[Start of section]

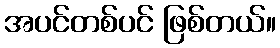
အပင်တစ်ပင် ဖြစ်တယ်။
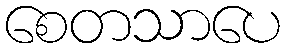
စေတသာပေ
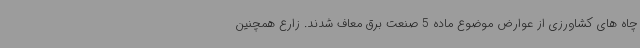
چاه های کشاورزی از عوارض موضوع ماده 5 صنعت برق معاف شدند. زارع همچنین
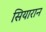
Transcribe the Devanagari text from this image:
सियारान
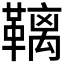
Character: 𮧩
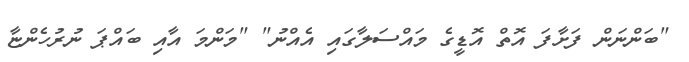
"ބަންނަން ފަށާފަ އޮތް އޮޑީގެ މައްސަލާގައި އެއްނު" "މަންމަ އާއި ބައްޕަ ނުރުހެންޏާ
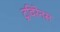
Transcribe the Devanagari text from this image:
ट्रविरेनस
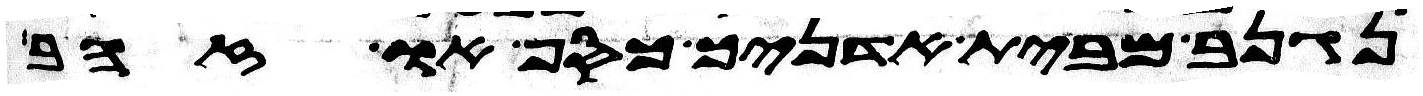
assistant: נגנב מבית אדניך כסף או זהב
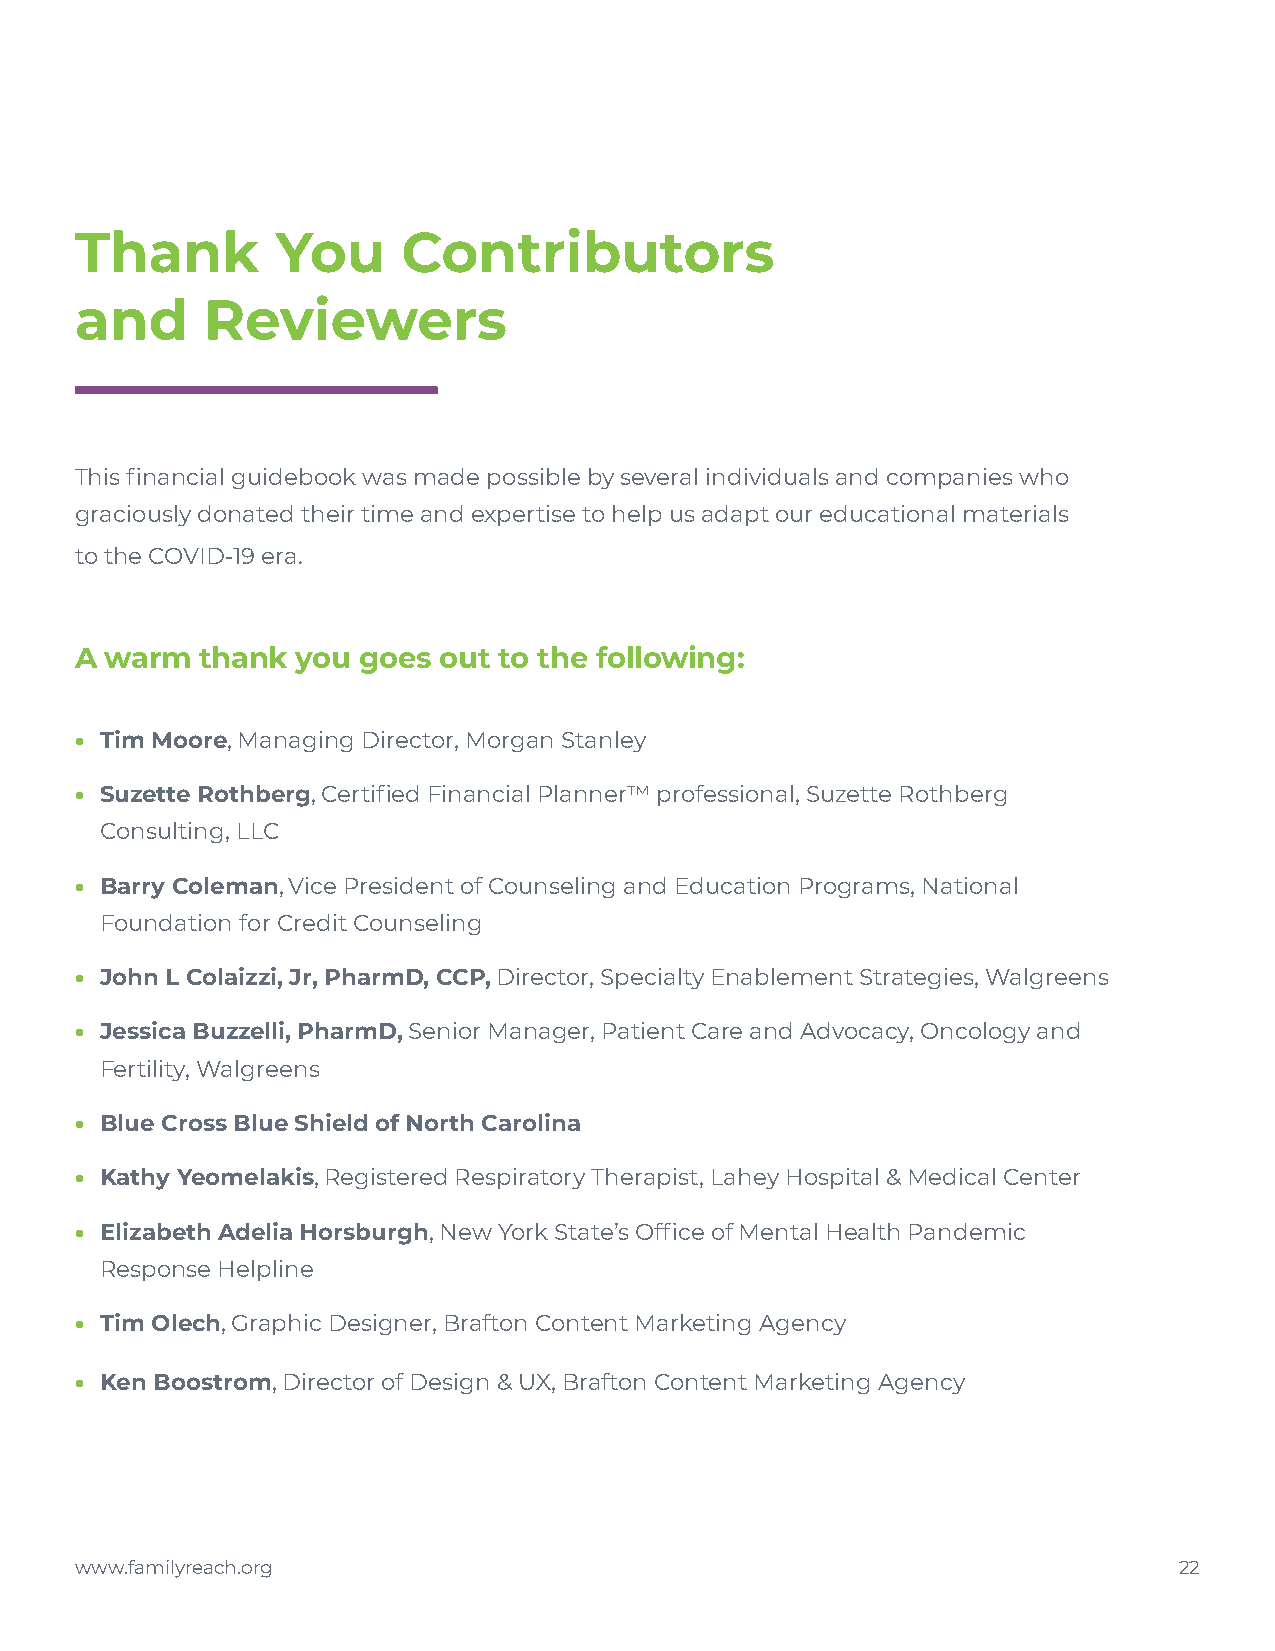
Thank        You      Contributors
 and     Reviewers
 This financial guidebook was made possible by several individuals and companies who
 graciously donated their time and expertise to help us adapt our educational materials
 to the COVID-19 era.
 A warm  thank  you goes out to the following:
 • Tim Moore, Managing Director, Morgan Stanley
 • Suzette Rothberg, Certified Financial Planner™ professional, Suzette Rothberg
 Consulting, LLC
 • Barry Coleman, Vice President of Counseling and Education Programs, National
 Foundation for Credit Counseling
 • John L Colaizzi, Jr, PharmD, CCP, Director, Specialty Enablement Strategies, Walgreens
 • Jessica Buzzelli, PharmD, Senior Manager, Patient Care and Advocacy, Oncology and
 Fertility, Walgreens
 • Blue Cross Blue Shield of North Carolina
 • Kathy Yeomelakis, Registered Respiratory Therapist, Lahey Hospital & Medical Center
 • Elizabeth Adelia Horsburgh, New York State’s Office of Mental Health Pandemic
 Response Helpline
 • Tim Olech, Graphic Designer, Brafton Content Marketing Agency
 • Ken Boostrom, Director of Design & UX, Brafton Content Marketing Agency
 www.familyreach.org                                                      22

[End of section]

Task goal:
Give back precisely the lines above that start at the line containing "This financial guidebook" and end at the line containing "of North Carolina", inclusive. No other lines belong in the output.

Solution to the exercise:
 This financial guidebook was made possible by several individuals and companies who
 graciously donated their time and expertise to help us adapt our educational materials
 to the COVID-19 era.
 A warm  thank  you goes out to the following:
 • Tim Moore, Managing Director, Morgan Stanley
 • Suzette Rothberg, Certified Financial Planner™ professional, Suzette Rothberg
 Consulting, LLC
 • Barry Coleman, Vice President of Counseling and Education Programs, National
 Foundation for Credit Counseling
 • John L Colaizzi, Jr, PharmD, CCP, Director, Specialty Enablement Strategies, Walgreens
 • Jessica Buzzelli, PharmD, Senior Manager, Patient Care and Advocacy, Oncology and
 Fertility, Walgreens
 • Blue Cross Blue Shield of North Carolina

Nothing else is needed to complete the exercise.